Workaround: Increase the timeout limit, for example, to 120 minutes, using the grpc_git_clone_timeout_minutes property.

UPDATE site_config SET grpc_git_clone_timeout_minutes = <new value>;

DSE-40198: Resolve painpoints with installations and updates of self-signed certificates

When rotating or updating the TLS certificate used by Cloudera AI, the Cloudera AI does not automatically pull the new certificate from the Cloudera Control Pane. To update Cloudera AI with a new TLS certificate, follow the steps below.

Workaround:

Backup the existing ConfigMap.
Create a backup of the current private-cloud-ca-certs-pem-2 ConfigMap in your existing Cloudera AI Workbench using the following command:
```
kubectl get configmap private-cloud-ca-certs-pem-2 -n [***existing CAI workbench namespace***] -o yaml > private-cloud-ca-certs-pem-2.backup
```
Create a temporary TLS-enabled workbench.

Spin up a new, temporary TLS-enabled workbench in the same cluster and environment as the existing workbench. (It is not necessary for the workbench to start up correctly. You do not need to allocate a full set of resources for this cluster.)
Locate the ConfigMap in the new workbench.
Once the Cloudera AI infrastructure pods in the new workbench are running, retrieve the private-cloud-ca-certs-pem-2 ConfigMap using this command:
```
kubectl get configmap private-cloud-ca-certs-pem-2 -n [***new CAI workbench namespace***] -o yaml
```
Update the existing workbench with the new certificate.
Replace the binaryData: cacerts value in the existing ConfigMap of the Cloudera AI Workbench with the binaryData: cacerts value from the new workbench. The simplest way to perform this replacement is through the Cloudera Embedded Container Service UI. This data is a large base64-encoded string. To verify the new TLS certificate, decode the string and inspect its content using the OpenSSL tool:
```
  kubectl get configmap private-cloud-ca-certs-pem-2 -n [***new CAI workbench namespace***] -o yaml | grep cacerts | awk '{print $2}' | base64 -d > decoded-private-cloud-ca-certs-pem.pem
     while openssl x509 -noout -text; do :; done < decoded-private-cloud-ca-certs-pem.pem
```
Restart pods in the existing workbench. Restart the ds-cdh pod in the old namespace. Additionally, restart any other pods in the old namespace that fail to come up automatically.
Delete the temporary workbench.
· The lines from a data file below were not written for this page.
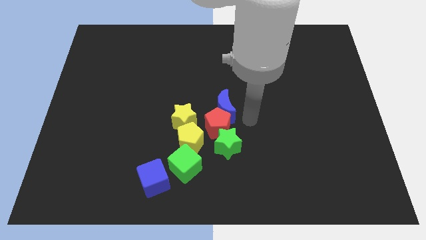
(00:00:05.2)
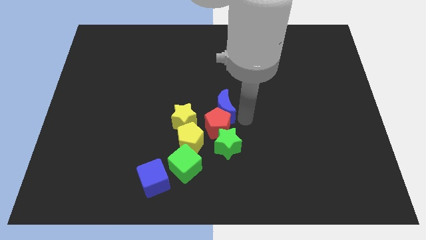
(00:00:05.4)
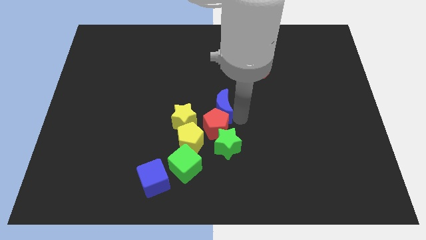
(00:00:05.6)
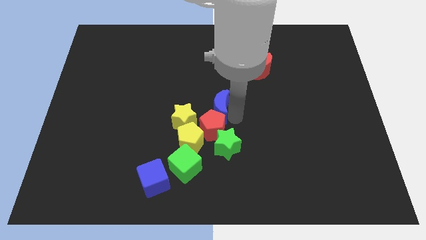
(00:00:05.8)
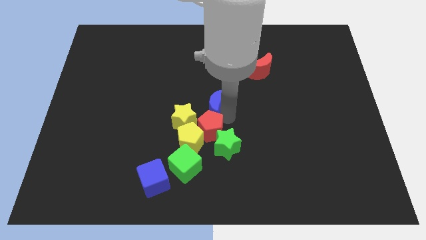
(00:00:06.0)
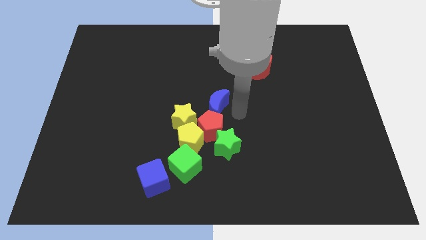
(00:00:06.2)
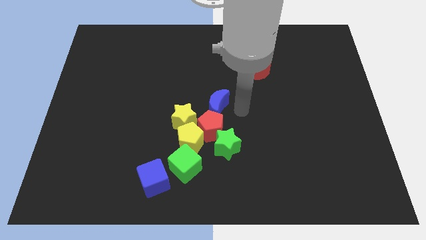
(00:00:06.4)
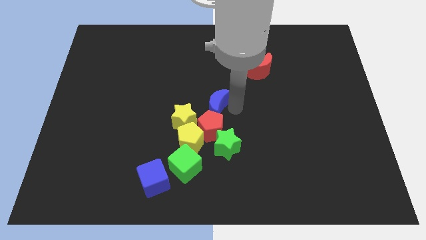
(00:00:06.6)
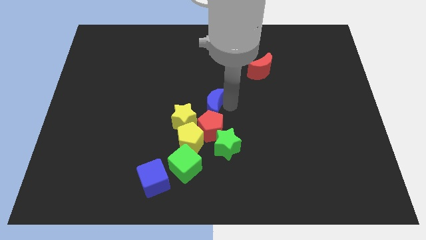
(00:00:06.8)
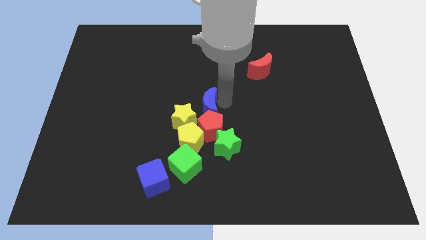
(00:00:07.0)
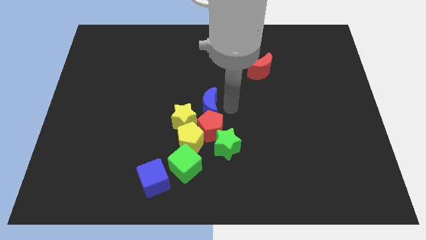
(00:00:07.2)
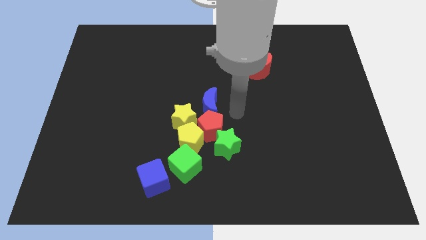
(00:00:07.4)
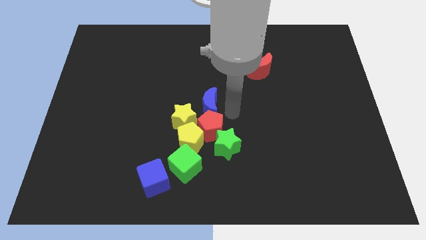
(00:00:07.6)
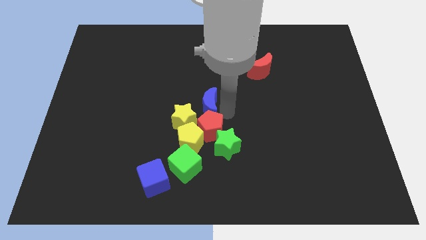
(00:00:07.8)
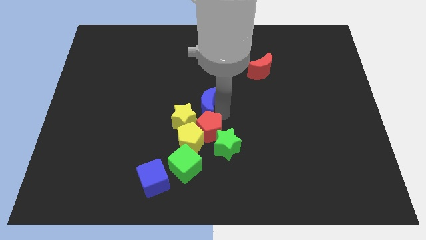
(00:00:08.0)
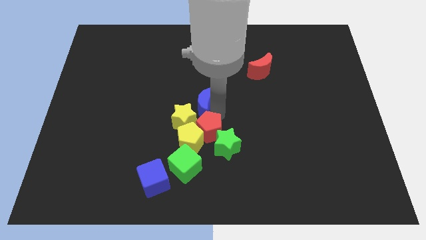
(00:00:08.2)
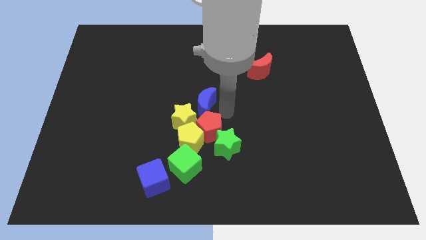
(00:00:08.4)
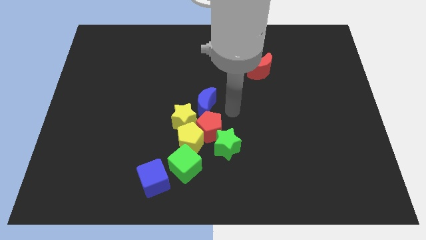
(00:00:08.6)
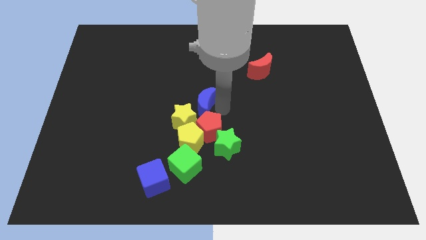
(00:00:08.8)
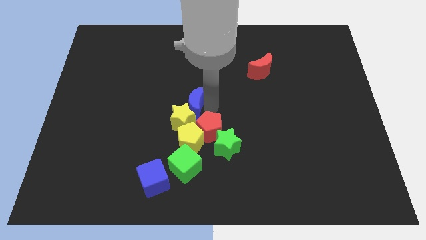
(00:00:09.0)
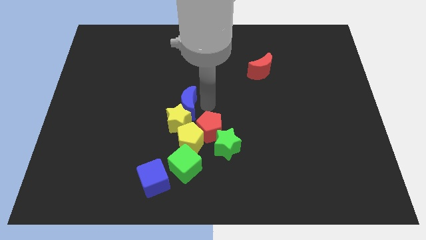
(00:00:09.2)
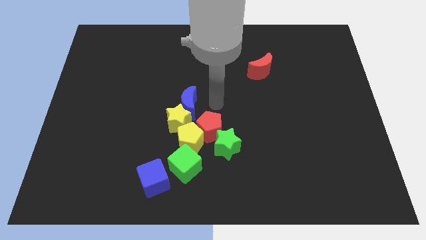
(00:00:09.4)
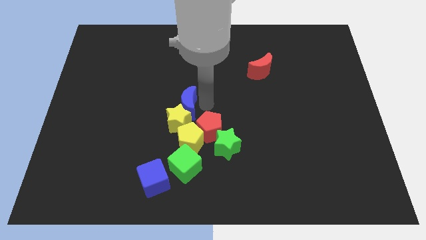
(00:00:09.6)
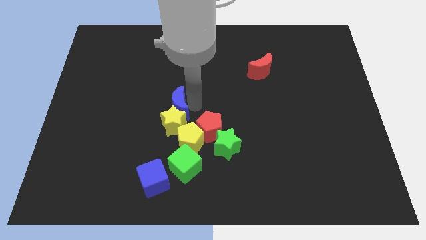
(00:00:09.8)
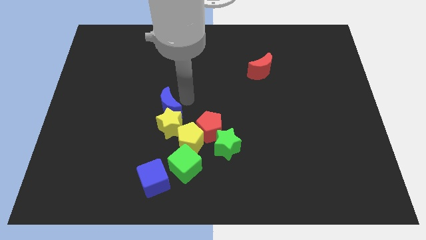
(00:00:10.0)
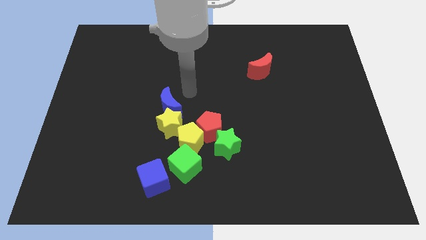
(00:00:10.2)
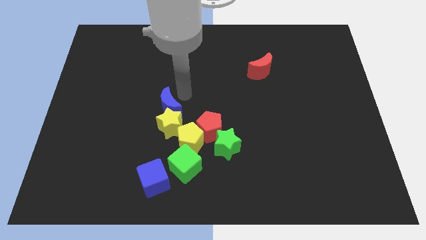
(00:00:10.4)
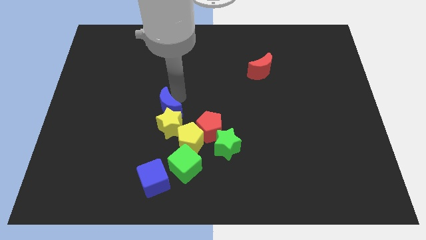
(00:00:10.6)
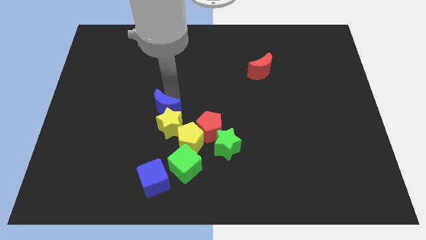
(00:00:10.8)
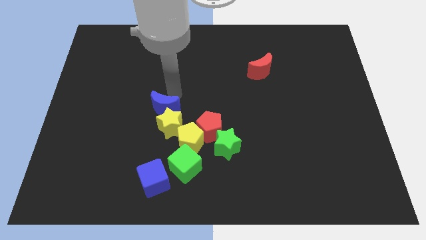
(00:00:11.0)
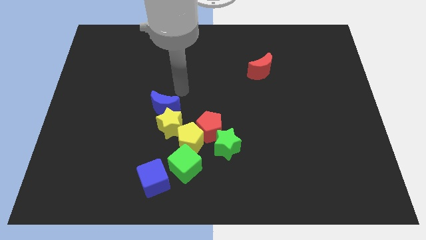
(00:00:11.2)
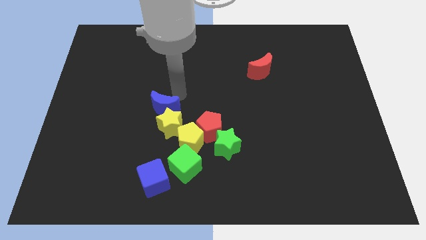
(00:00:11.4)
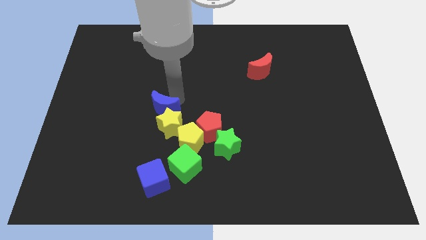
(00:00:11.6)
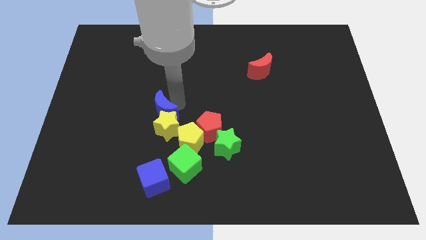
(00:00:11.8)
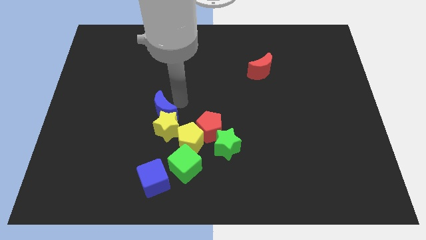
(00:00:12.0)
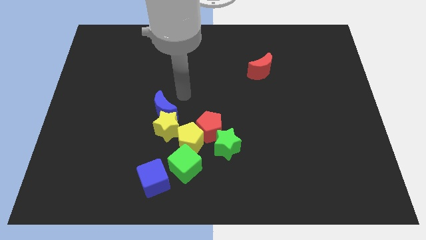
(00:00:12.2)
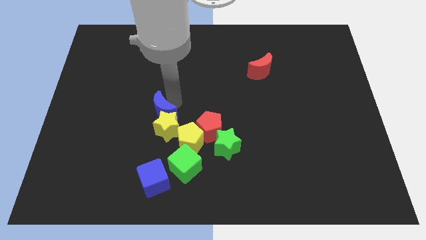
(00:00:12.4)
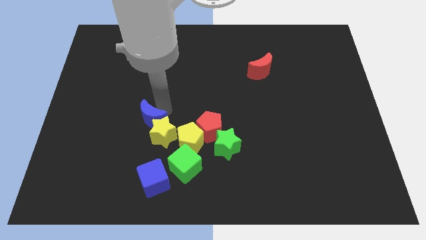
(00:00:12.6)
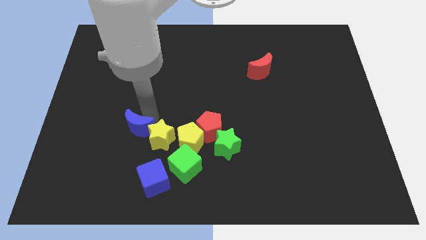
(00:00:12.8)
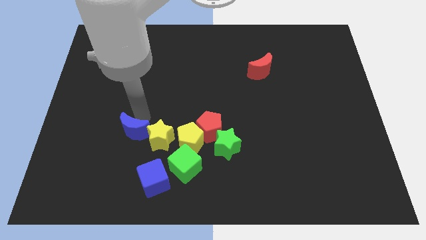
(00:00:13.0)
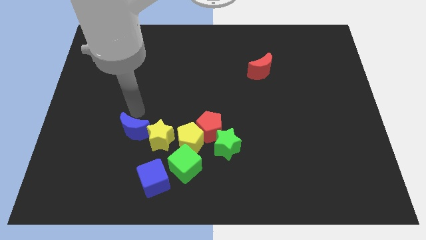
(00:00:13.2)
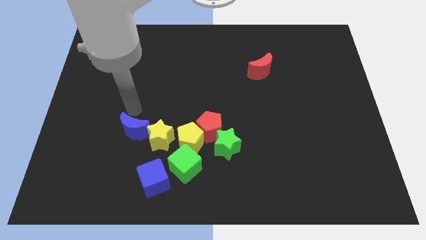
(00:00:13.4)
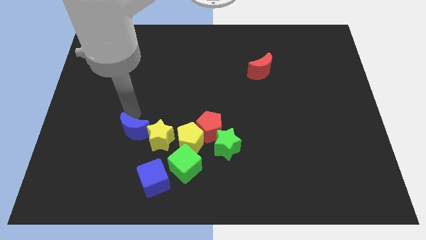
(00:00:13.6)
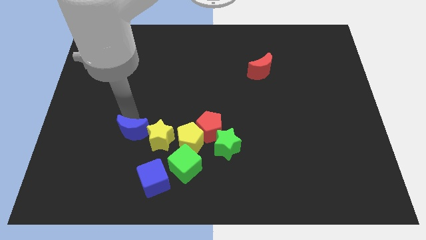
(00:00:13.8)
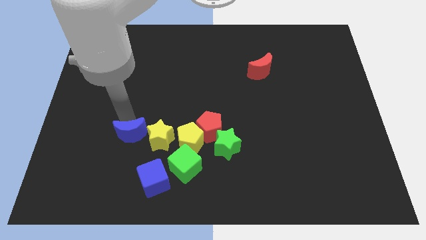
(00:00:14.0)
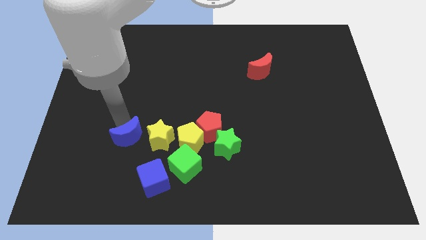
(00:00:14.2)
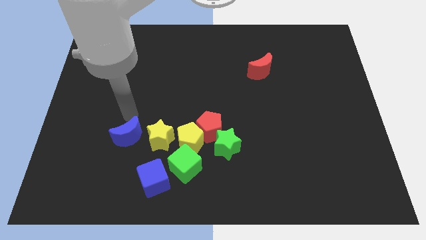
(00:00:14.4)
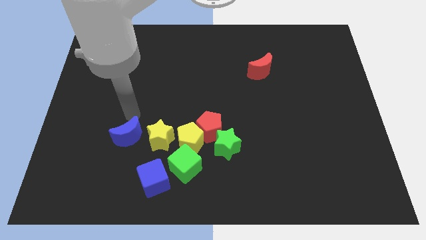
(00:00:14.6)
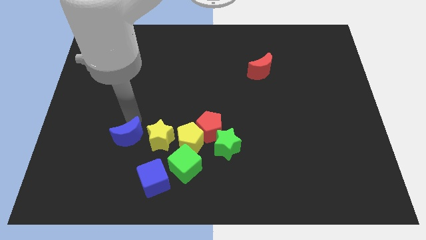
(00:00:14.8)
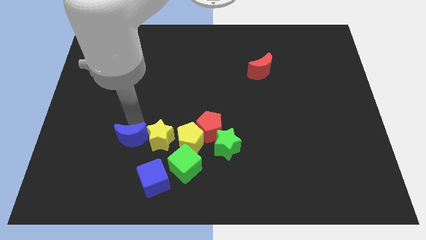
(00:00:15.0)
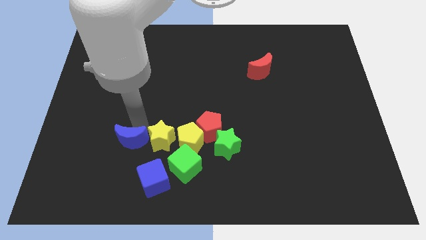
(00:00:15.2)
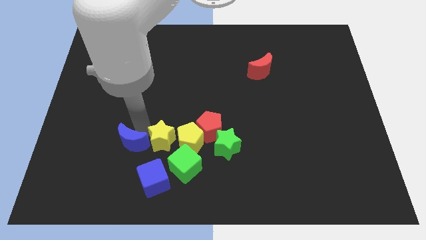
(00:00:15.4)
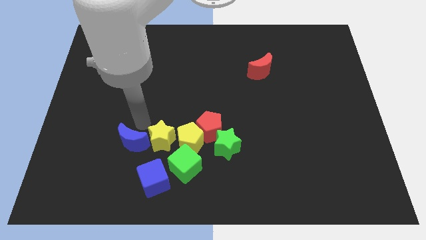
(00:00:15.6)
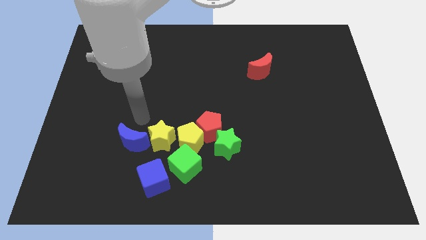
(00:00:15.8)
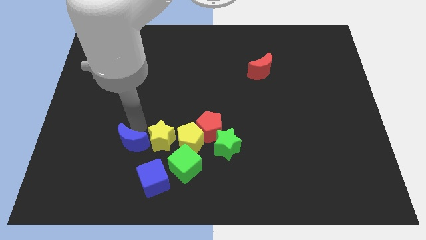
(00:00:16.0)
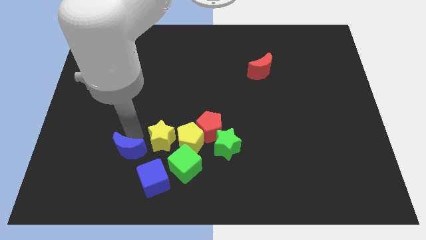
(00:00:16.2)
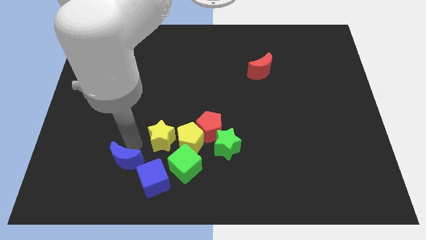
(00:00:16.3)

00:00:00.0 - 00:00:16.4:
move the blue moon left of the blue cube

After confirming that the old Cloudera AI Workbench is functioning correctly with the updated certificate, delete the temporary workbench.

By following these steps, you can successfully update the TLS certificate for Cloudera AI while ensuring minimal disruption to your existing workbench.

DSE-39287: Job configuration update error:

The job
            accelerator label ID is not of a valid type

You may encounter the error,

The job accelerator label ID
            is not of a valid type

when attempting to update a job. This issue prevents editing jobs through the UI. However, you can avoid recreating the job by performing the update through the API.

DSE-41898: Workload accelerators should have only one database entry for a given GPU type

Restarting Cloudera Embedded Container Service nodes creates duplicate entries in the node_labels database table for the same GPU type. This results in duplicate GPU registrations appearing under Site Administration > Runtime > Workload Accelerators and similarly, duplicate entries appear in the Resource Profile > GPU Type dropdown menu when launching a session. Selecting a duplicate GPU entry while launching a session triggers the error: This accelerator has been removed.

Workaround:

Access the db-0 pod and specify the Workbench name:

kubectl exec db-0 -ti -n [***WORKBENCH NAME***] -c db - - psql -U sense

Check the existing entries in the node_labels table:
```
sense=# SELECT * FROM node_labels;
```

Delete inactive entries:

DELETE FROM node_labels WHERE availability = FALSE;

DSE-12064: Terminal remains functional after web session times out

The Cloudera AI terminal remains active even after the Cloudera AI web session has timed out.